According to The Detroit News, “[t]he recall includes 1.4 million vehicles equipped with 8.4-inch touchscreens including: 2013-15 Dodge Vipers; 2013-15 Ram 1500, 2500 and 3500 pickups; 2013-15 Ram 3500, 4500, 5500 chassis cabs; 2014-15 Jeep Grand Cherokees and Cherokees; 2014-15 Dodge Durangos; 2015 Chrysler 200, Chrysler 300 and Dodge Charger sedans; and 2015 Dodge Challengers.”

Additionally, vehicle owners can go to this website to see if their vehicles are covered by the recall.

Cause for concern

The extent to which vehicle owners should be concerned about their vulnerability to hackers depends on who one listens to.

Fiat Chrysler told The Detroit News:

  • “The fix for the recall is a software update for certain radios that could be the subject of hacking.”
  • “Of the 1.4 million recalled vehicles, Fiat Chrysler said it eliminated nearly all from hacking concerns earlier this week after its telecommunications provider closed an open port. But it acknowledged that 3 percent of the vehicles could be impacted by short-range wireless communications for owners who subscribe to mobile hotspots. A hacker would need to be within about 100 feet to potentially take control, the automaker said.”
  • “Fiat Chrysler told NHTSA that it first learned of a security vulnerability in January from a researcher. The vehicles were open to hacking because a communications port was inadvertently left open and the radio firewalls were open by default. Fiat Chrysler began working on a fix then but did not immediately disclose the issue to NHTSA or the public. Fiat Chrysler said this week its cellular provider remotely closed the communications port that “removes the known risk of long-range remote hacking.”

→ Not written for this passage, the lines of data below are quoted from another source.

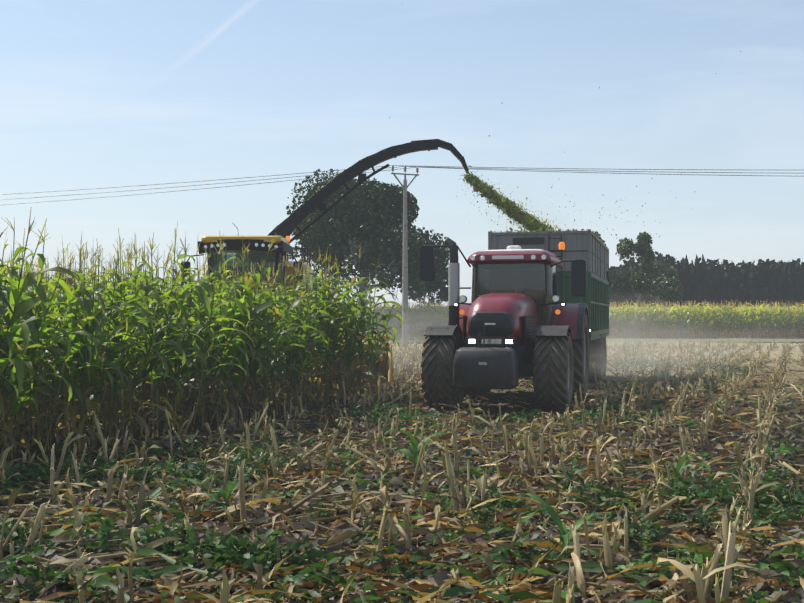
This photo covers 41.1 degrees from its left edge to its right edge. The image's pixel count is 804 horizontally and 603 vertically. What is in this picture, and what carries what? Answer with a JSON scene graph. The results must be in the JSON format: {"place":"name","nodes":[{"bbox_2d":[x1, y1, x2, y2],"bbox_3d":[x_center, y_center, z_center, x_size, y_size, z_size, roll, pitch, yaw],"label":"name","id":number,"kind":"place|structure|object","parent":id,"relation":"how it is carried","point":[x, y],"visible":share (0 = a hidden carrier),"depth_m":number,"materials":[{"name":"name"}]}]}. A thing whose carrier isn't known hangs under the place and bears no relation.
{"place":"outdoors","nodes":[
{"label":"outdoors","id":0,"kind":"place"},
{"bbox_2d":[344,293,447,353],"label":"dust cloud","id":1,"kind":"structure","parent":0,"point":[409,325],"depth_m":45.05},
{"bbox_2d":[0,337,803,600],"bbox_3d":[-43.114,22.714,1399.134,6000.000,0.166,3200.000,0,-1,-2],"label":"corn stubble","id":2,"kind":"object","parent":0,"point":[137,435],"depth_m":16.17,"materials":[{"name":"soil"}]},
{"bbox_2d":[0,210,406,462],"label":"corn crop","id":3,"kind":"object","parent":2,"relation":"on","point":[64,345],"visible":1,"depth_m":16.09,"materials":[{"name":"green plant"}]},
{"bbox_2d":[111,139,468,386],"bbox_3d":[-2.826,-1.192,27.828,8.036,6.641,10.979,0,-1,17],"label":"forage harvester","id":4,"kind":"object","parent":2,"relation":"on","point":[258,246],"visible":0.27,"depth_m":27.27,"materials":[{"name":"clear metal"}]},
{"bbox_2d":[286,169,449,334],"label":"tree","id":5,"kind":"object","parent":2,"relation":"on","point":[366,218],"visible":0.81,"depth_m":83.07,"materials":[{"name":"green plant"}]},
{"bbox_2d":[0,336,803,602],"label":"field stubble","id":6,"kind":"object","parent":2,"relation":"on","point":[40,568],"visible":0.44,"depth_m":9.11,"materials":[{"name":"plant"}]},
{"bbox_2d":[391,165,418,346],"bbox_3d":[0.183,-2.608,62.064,1.760,10.500,0.260,0,-1,-24],"label":"power pole","id":7,"kind":"object","parent":2,"relation":"on","point":[405,273],"visible":0.88,"depth_m":61.97,"materials":[{"name":"grey concrete"}]},
{"bbox_2d":[0,165,763,204],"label":"power lines","id":8,"kind":"object","parent":7,"relation":"attached to","point":[478,168],"visible":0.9,"depth_m":62.03,"materials":[{"name":"grey metal"}]},
{"bbox_2d":[408,267,447,305],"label":"hedge tree","id":9,"kind":"object","parent":2,"relation":"on","point":[435,285],"visible":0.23,"depth_m":95.50,"materials":[{"name":"green plant"}]},
{"bbox_2d":[420,238,589,410],"bbox_3d":[1.994,0.374,21.260,3.310,3.312,6.297,0,-1,14],"label":"tractor","id":10,"kind":"object","parent":2,"relation":"on","point":[511,323],"visible":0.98,"depth_m":19.67,"materials":[{"name":"paint"}]},
{"bbox_2d":[488,229,609,379],"bbox_3d":[3.914,0.216,28.228,2.560,3.836,9.750,0,-1,14],"label":"trailer","id":11,"kind":"object","parent":2,"relation":"on","point":[587,246],"visible":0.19,"depth_m":26.01,"materials":[{"name":"green"}]},
{"bbox_2d":[456,152,660,280],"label":"chopped corn silage","id":12,"kind":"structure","parent":11,"relation":"on","point":[510,208],"depth_m":29.03,"materials":[{"name":"green plant"}]},
{"bbox_2d":[340,299,803,337],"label":"maize field","id":13,"kind":"structure","parent":2,"relation":"on","point":[767,321],"depth_m":86.60,"materials":[{"name":"green plant"}]},
{"bbox_2d":[362,338,803,341],"bbox_3d":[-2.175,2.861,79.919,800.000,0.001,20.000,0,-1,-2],"label":"grass strip","id":14,"kind":"object","parent":2,"relation":"on","point":[734,340],"depth_m":81.29,"materials":[{"name":"plant"}]},
{"bbox_2d":[593,231,605,245],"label":"corn","id":15,"kind":"object","parent":2,"relation":"on","point":[596,233],"depth_m":100.03,"materials":[{"name":"green plant"}]},
{"bbox_2d":[610,231,654,306],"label":"birch tree","id":16,"kind":"object","parent":2,"relation":"on","point":[642,285],"visible":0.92,"depth_m":98.27,"materials":[{"name":"green plant"}]},
{"bbox_2d":[634,259,683,306],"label":"birch tree","id":17,"kind":"object","parent":2,"relation":"on","point":[667,288],"visible":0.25,"depth_m":103.55,"materials":[{"name":"green plant"}]},
{"bbox_2d":[609,251,803,308],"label":"forest treeline","id":18,"kind":"object","parent":2,"relation":"on","point":[709,281],"visible":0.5,"depth_m":237.70,"materials":[{"name":"green plant"}]},
{"bbox_2d":[0,0,803,307],"label":"sky","id":19,"kind":"structure","parent":0,"point":[104,94],"materials":[{"name":"blue"}]},
{"bbox_2d":[392,335,424,367],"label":"dust cloud","id":20,"kind":"structure","parent":0,"point":[408,350],"depth_m":32.99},
{"bbox_2d":[418,294,659,360],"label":"dust cloud","id":21,"kind":"structure","parent":0,"point":[609,325],"depth_m":39.74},
{"bbox_2d":[606,314,714,375],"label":"dust cloud","id":22,"kind":"structure","parent":0,"point":[645,341],"depth_m":32.60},
{"bbox_2d":[589,343,732,381],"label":"dust cloud","id":23,"kind":"structure","parent":0,"point":[652,361],"depth_m":27.73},
{"bbox_2d":[606,322,760,371],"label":"dust cloud","id":24,"kind":"structure","parent":0,"point":[686,346],"depth_m":31.08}
]}

However, in his WIRED story, Mr. Greenberg explained the following about the “hacking technique” that “lets hackers send commands through the Jeep’s entertainment system to its dashboard functions, steering, brakes, and transmission, all from a laptop that may be across the country”:

  • “All of this is possible only because Chrysler, like practically all carmakers, is doing its best to turn the modern automobile into a smartphone. Uconnect, an Internet-connected computer feature in hundreds of thousands of Fiat Chrysler cars, SUVs, and trucks, controls the vehicle’s entertainment and navigation, enables phone calls, and even offers a Wi-Fi hot spot. And thanks to one vulnerable element, which [the car-hacking researchers] won’t identify [yet], Uconnect’s cellular connection also lets anyone who knows the car’s IP address gain access from anywhere in the country.”
  • “They’ve only tested their full set of physical hacks, including ones targeting transmission and braking systems, on a Jeep Cherokee, though they believe that most of their attacks could be tweaked to work on any Chrysler vehicle with the vulnerable Uconnect head unit. They have yet to try remotely hacking into other makes and models of cars.”

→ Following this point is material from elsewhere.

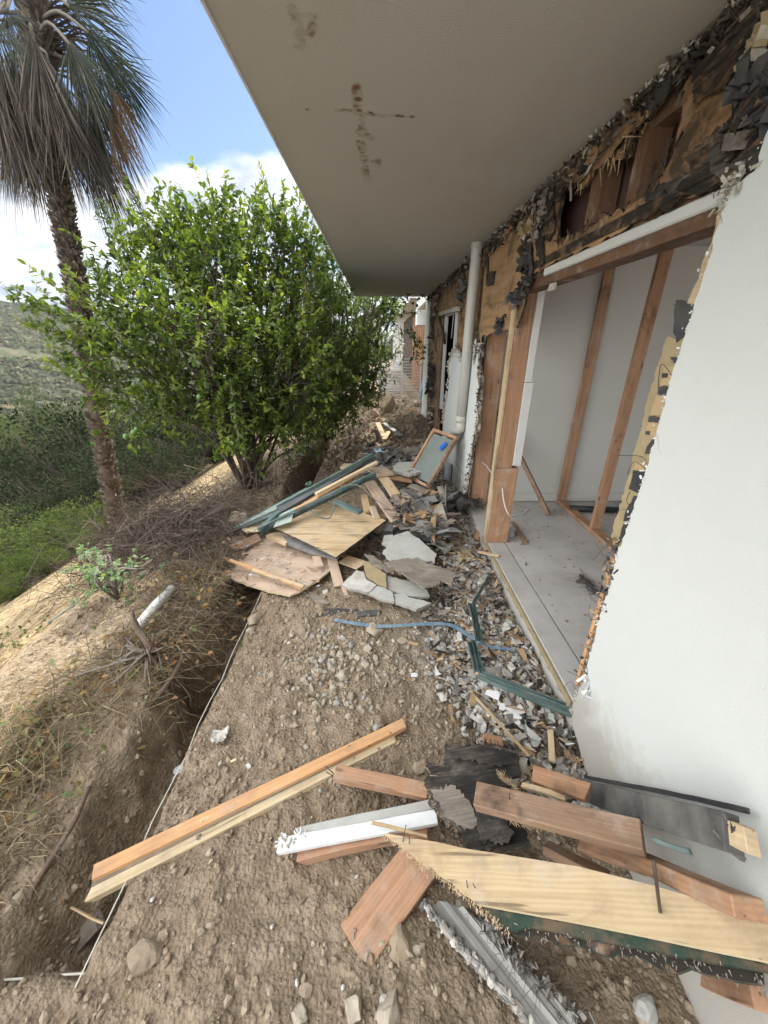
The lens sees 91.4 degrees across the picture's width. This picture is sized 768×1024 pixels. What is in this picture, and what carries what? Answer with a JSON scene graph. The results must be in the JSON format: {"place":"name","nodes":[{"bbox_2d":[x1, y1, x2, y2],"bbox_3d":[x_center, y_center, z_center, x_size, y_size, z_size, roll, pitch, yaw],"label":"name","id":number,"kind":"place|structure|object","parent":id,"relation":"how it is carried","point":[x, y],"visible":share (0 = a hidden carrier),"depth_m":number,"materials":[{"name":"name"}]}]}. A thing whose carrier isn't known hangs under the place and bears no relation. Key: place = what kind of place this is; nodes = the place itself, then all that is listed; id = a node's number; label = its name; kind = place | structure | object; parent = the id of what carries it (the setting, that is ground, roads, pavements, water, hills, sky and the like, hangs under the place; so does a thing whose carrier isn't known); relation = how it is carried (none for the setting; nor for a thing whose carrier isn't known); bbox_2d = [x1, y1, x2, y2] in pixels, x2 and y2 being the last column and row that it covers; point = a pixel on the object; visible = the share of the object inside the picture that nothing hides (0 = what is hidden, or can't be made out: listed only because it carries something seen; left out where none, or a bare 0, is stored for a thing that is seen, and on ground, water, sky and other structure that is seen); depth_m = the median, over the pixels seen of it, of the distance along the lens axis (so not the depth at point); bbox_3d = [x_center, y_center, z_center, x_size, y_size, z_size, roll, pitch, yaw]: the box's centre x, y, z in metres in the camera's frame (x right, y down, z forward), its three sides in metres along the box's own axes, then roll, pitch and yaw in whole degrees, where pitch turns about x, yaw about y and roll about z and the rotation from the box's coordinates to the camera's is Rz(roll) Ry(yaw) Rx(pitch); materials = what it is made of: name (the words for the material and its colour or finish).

To get a fuller picture of the security and safety implications that vehicle owners and operators may now face as a result of this car-hacking discovery, I strongly suggest everyone take the time to read the full WIRED story.

Hair-raising as the WIRED story may be, its reporting on the findings from the car-hacking researchers is importantly very eye-opening.

More proof that we’re all going to need to be very brave as we enter yet another of technology’s brave new worlds.